Enforced Strings

This is an old post and doesn't necessarily reflect my current thinking on a topic, and some links or images may not work. The text is preserved here for posterity.

Enterprise applications typically deal with many categories of strings. Human names, reference codes, SKU identifiers, email addresses - the list is huge. There are subtle rules that apply to many of them:

  • Whitespace at the start and end of many strings should probably be ignored
  • Human names probably shouldn't contain newlines, tab characters, the percentage symbol, or 27 dashes in a row
  • For some strings, casing makes no difference when deciding equality, and sometimes it does

It's common to litter our code with these assumptions, which leads to inconsistency. Sometimes we assume that the UI will handle all of these issues, and the domain layer will simply use what it's given.

Recently I have started experimenting with creating custom strings to encapsulate a lot of these subtle things. On my blog, when you browse to a URL like /enforced-strings, instead of the page name being passed around as a string, it's passed as a PageName object. PageName supports implicit conversion operators, so it can be dealt with as a regular string too. Here is part of a unit test:

PageName expected = "hello-world";

// When cast to a PageName, each of these should be converted into the above
var logicallySameAsExpected = new string[] {
    "hello-world",
    "hello-worLD",
    " hello -world ",
    " hello$-world ",
    " hello $-world ",
    " hello-$-world ",
    " hello world ",
    " -   hello   world   - ",
    " -   HeLLo  WoRLD  - ",
    " -   HeLLo  %^@#@#*()[]WoRLD  - ",
    " -   HeLLo  %^@#@#*()[]WoRLD  - $%",
    "@# -   HeLLo  %^@#@#*()[]WoRLD  - $%"
};

foreach (var match in logicallySameAsExpected)
{
    var castMatch = (PageName) match;
    Assert.AreEqual(expected, castMatch);
}

The assumption I make with PageName is that while it may be instantiated with dirty input (a malformed URL, for example), I can probably infer what was meant.
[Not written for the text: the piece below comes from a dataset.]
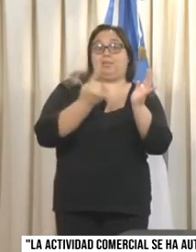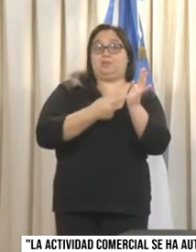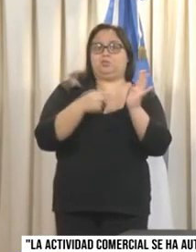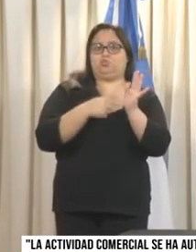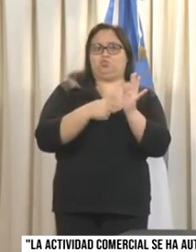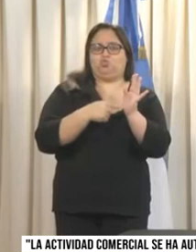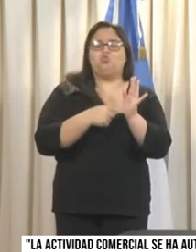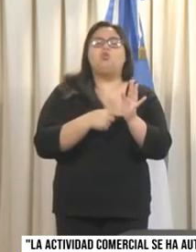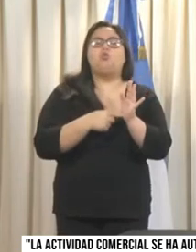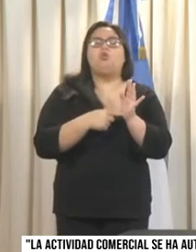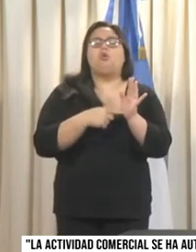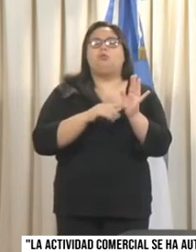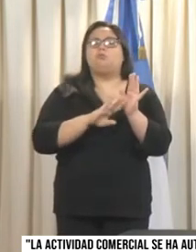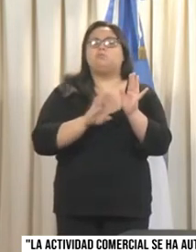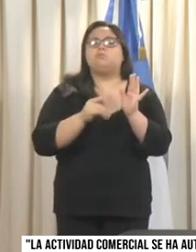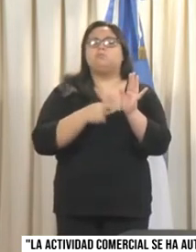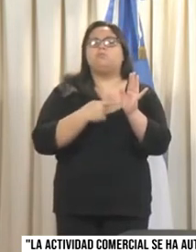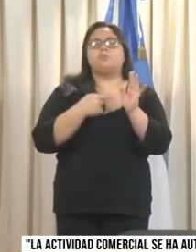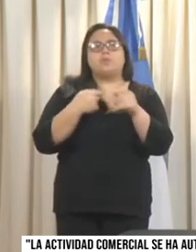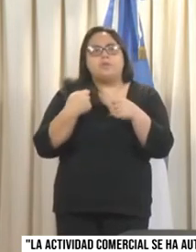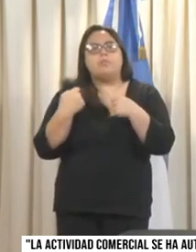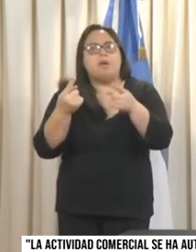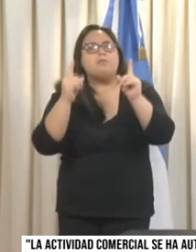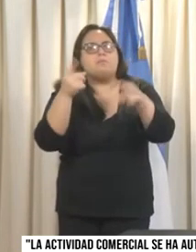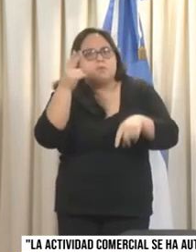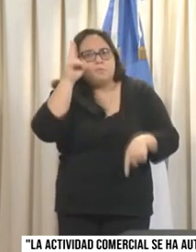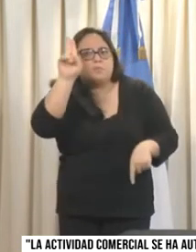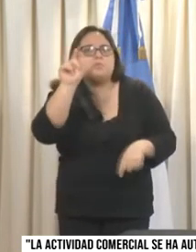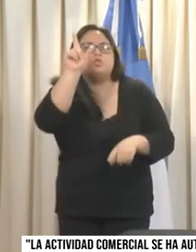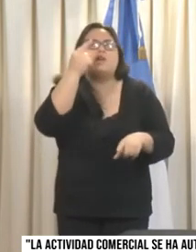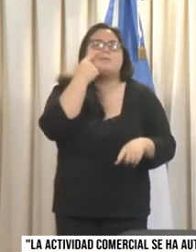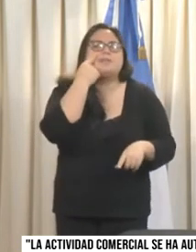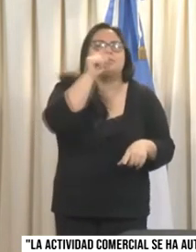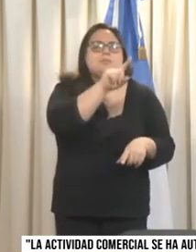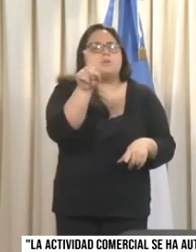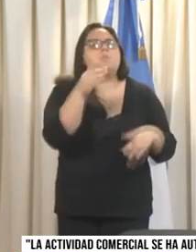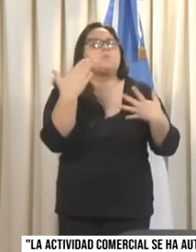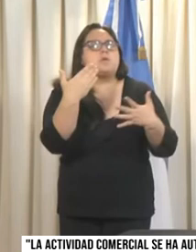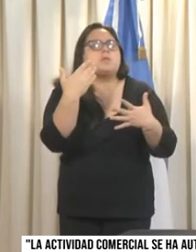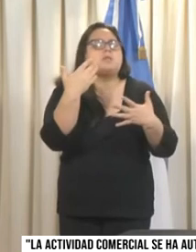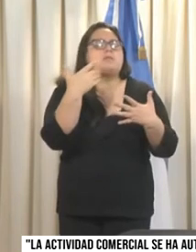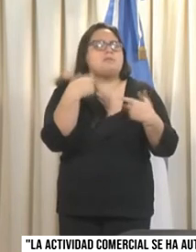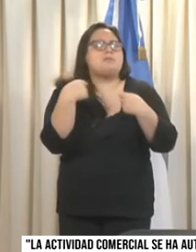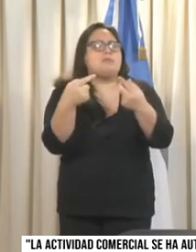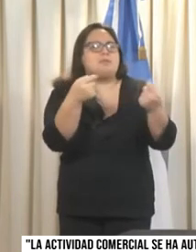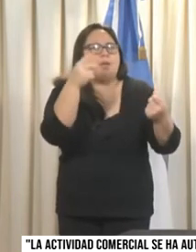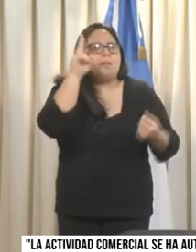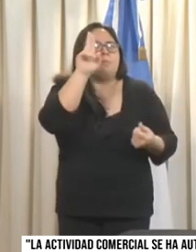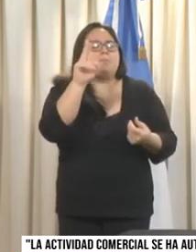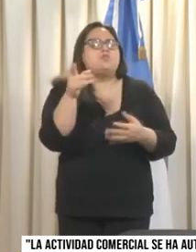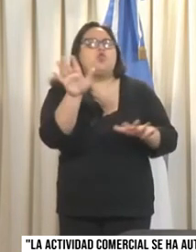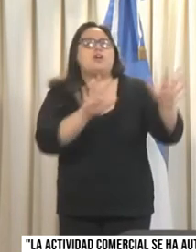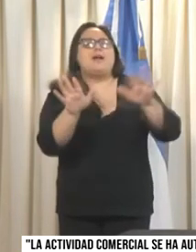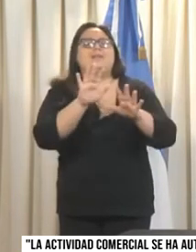y se faculta a los intendentes para que puedan exceptuar justamente esta forma de organización en sus

PageName is used throughout my domain model and even at the data access layer - in my case, I use a custom IUserType with NHibernate to treat strings from the database as page names.

To build your own enforced strings, here are the key things to consider doing:

  • Create a class to wrap a real string
  • Make it immutable, and ideally sealed
  • In the constructor, massage the input string
  • Override all of the equality operators, GetHashCode, etc., and implement IEquatable, and IComparable
  • Override ToString (obviously)
  • Add an implicit cast operator to automatically convert from your string to real strings and back

You can see an example of this in PaulPad - first I setup a base class with most of the overloads, then I inherit from that to setup the specific string type.